▶ Dataset records

- - - -

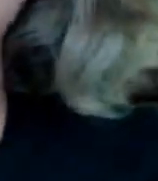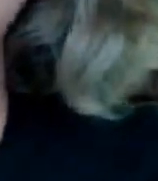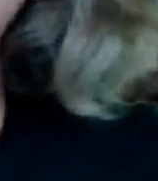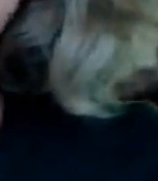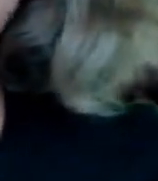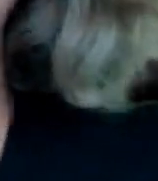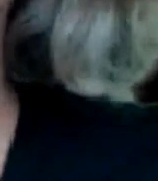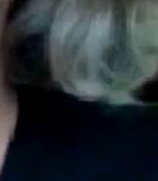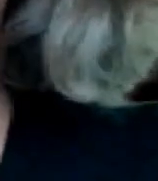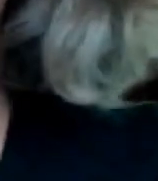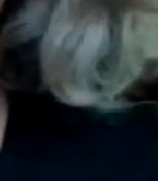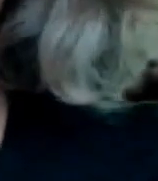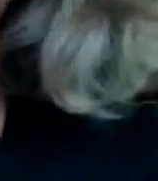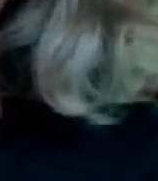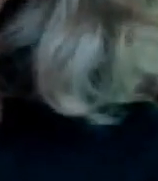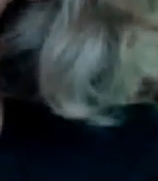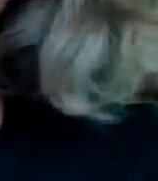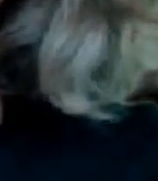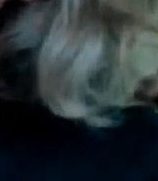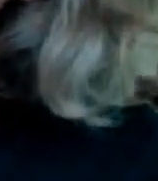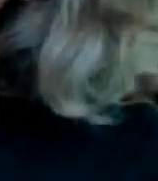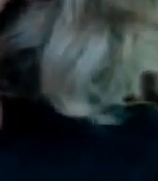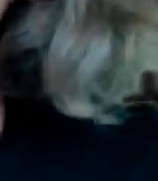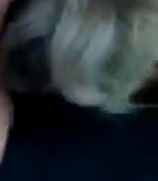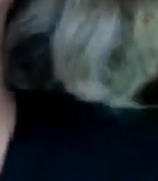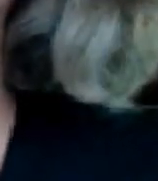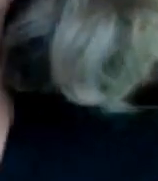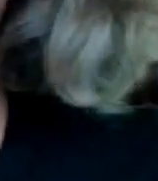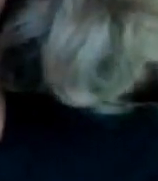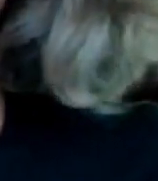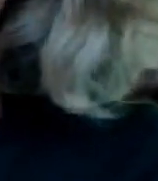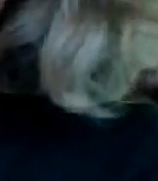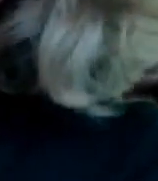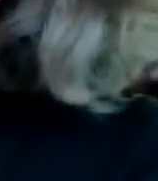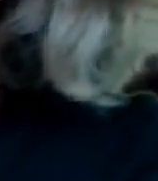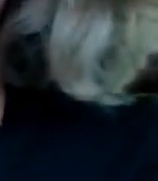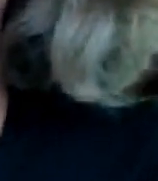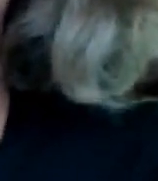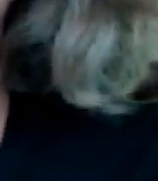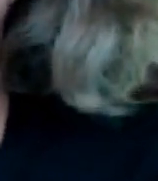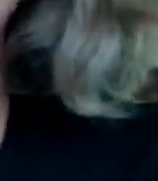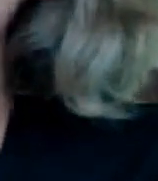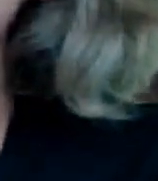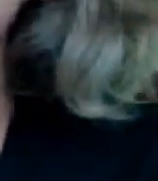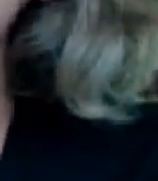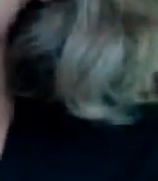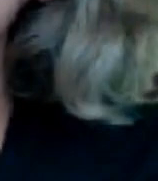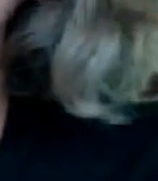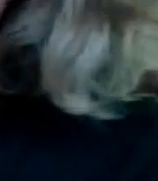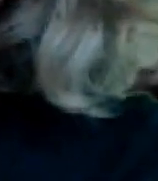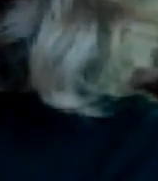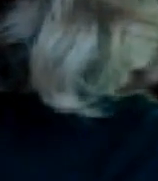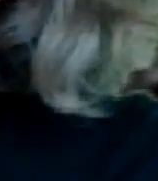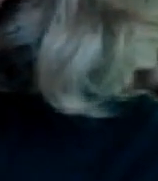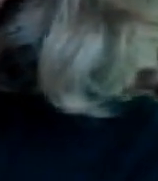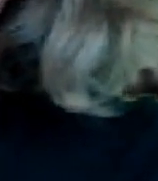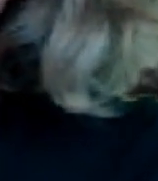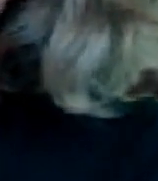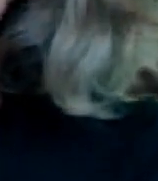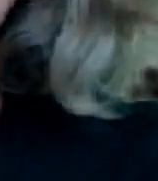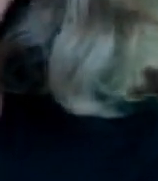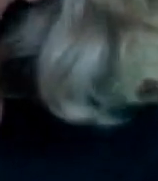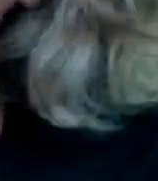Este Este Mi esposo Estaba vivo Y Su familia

- - - -

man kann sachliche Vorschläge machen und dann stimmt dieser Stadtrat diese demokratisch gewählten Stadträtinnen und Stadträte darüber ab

- - - -

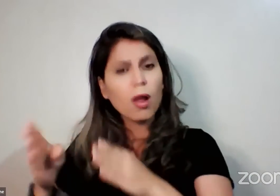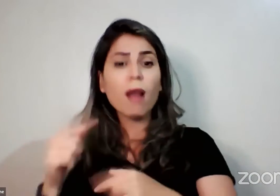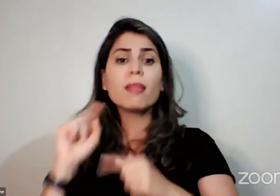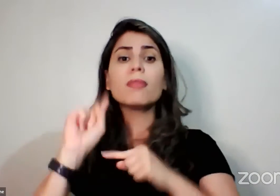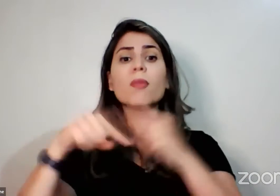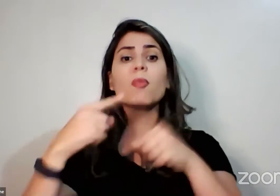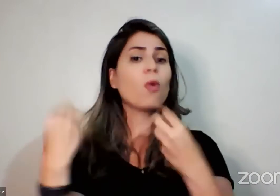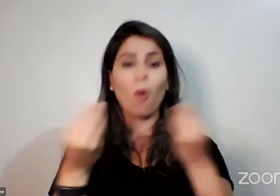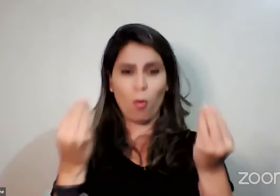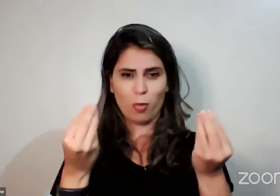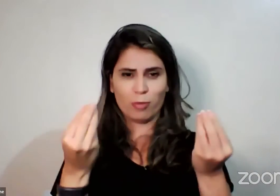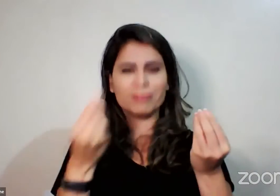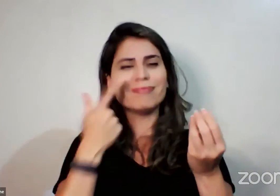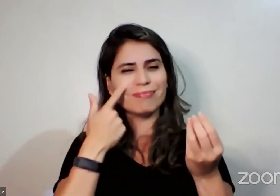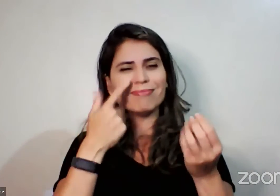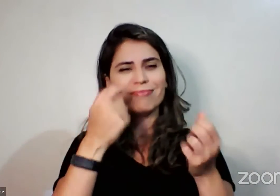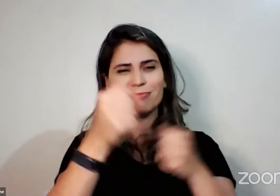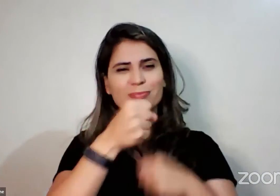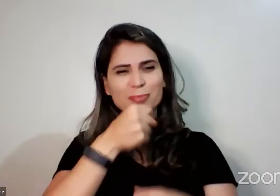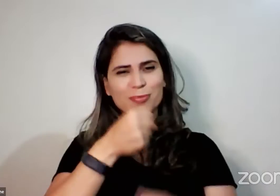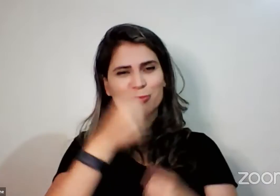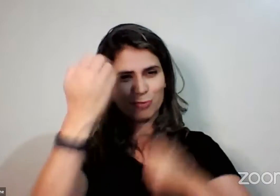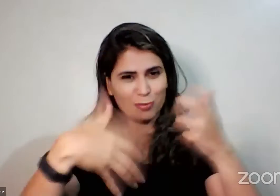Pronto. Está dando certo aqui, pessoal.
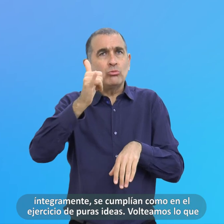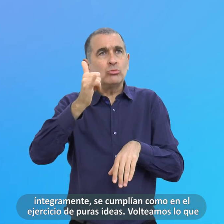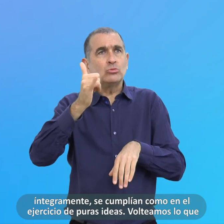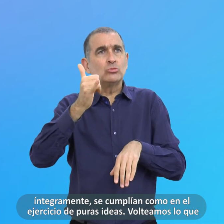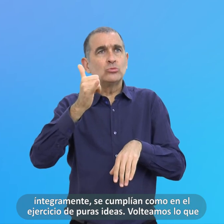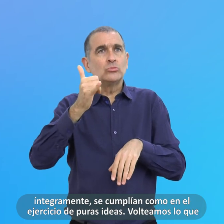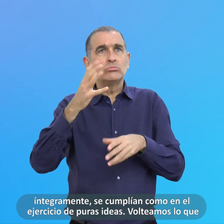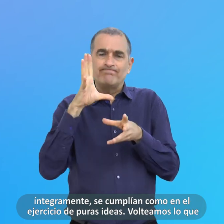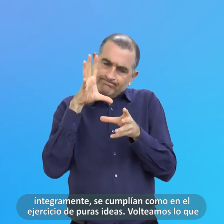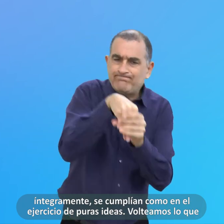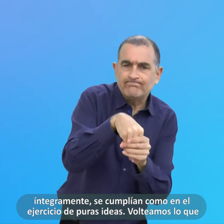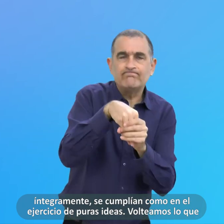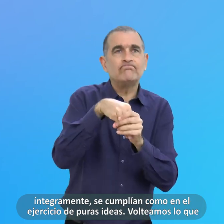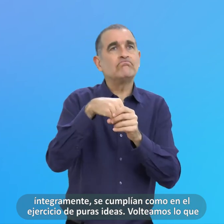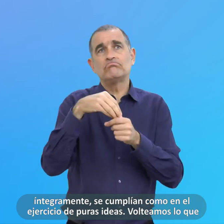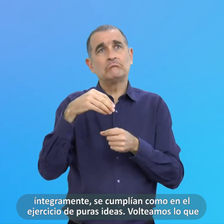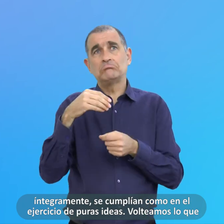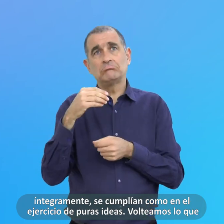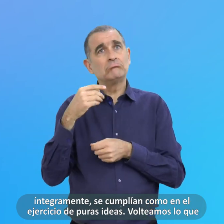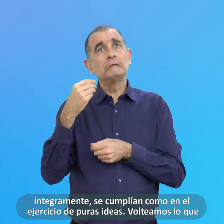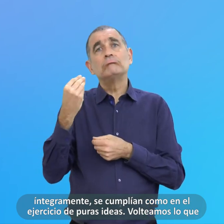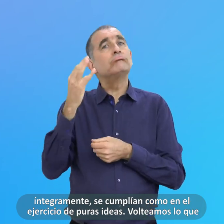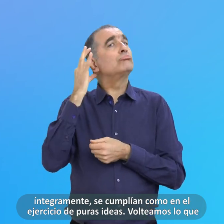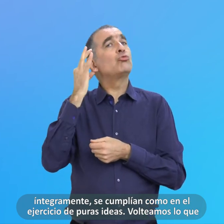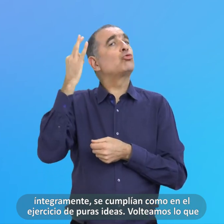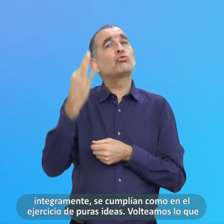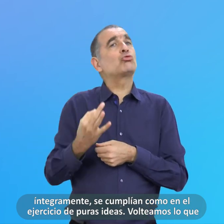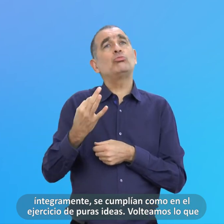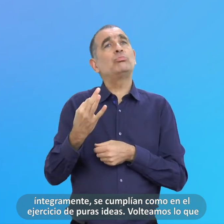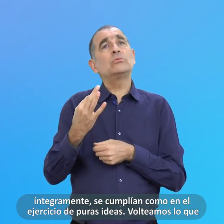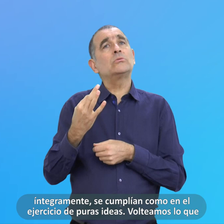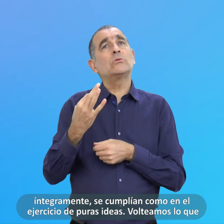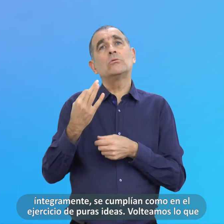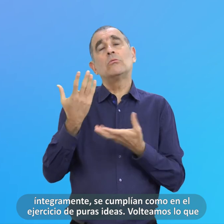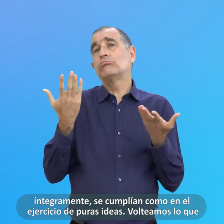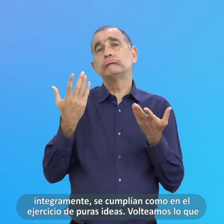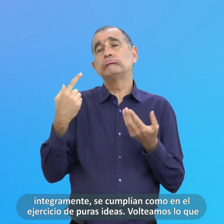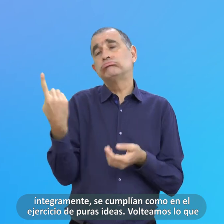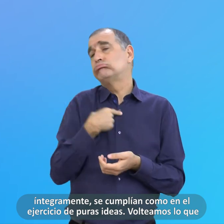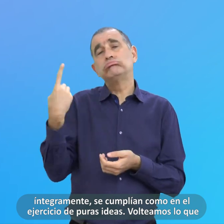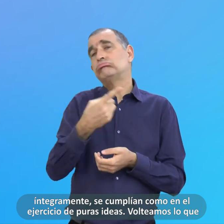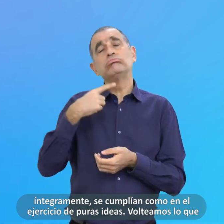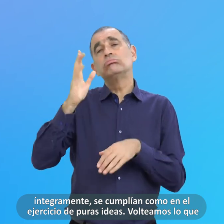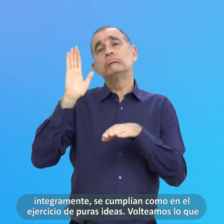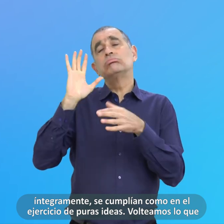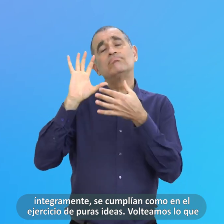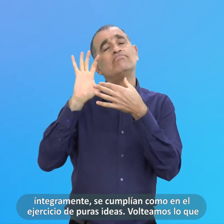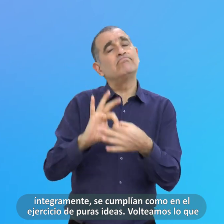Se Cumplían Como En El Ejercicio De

- - - -

▶ Exercise requirements
In the listing above, find the line with "Pronto. Está dando certo aqui, pessoal." and output every line through the one with "Se Cumplían Como En El Ejercicio De", exactly, without the pictures.

▶ Answer section
Pronto. Está dando certo aqui, pessoal.
Se Cumplían Como En El Ejercicio De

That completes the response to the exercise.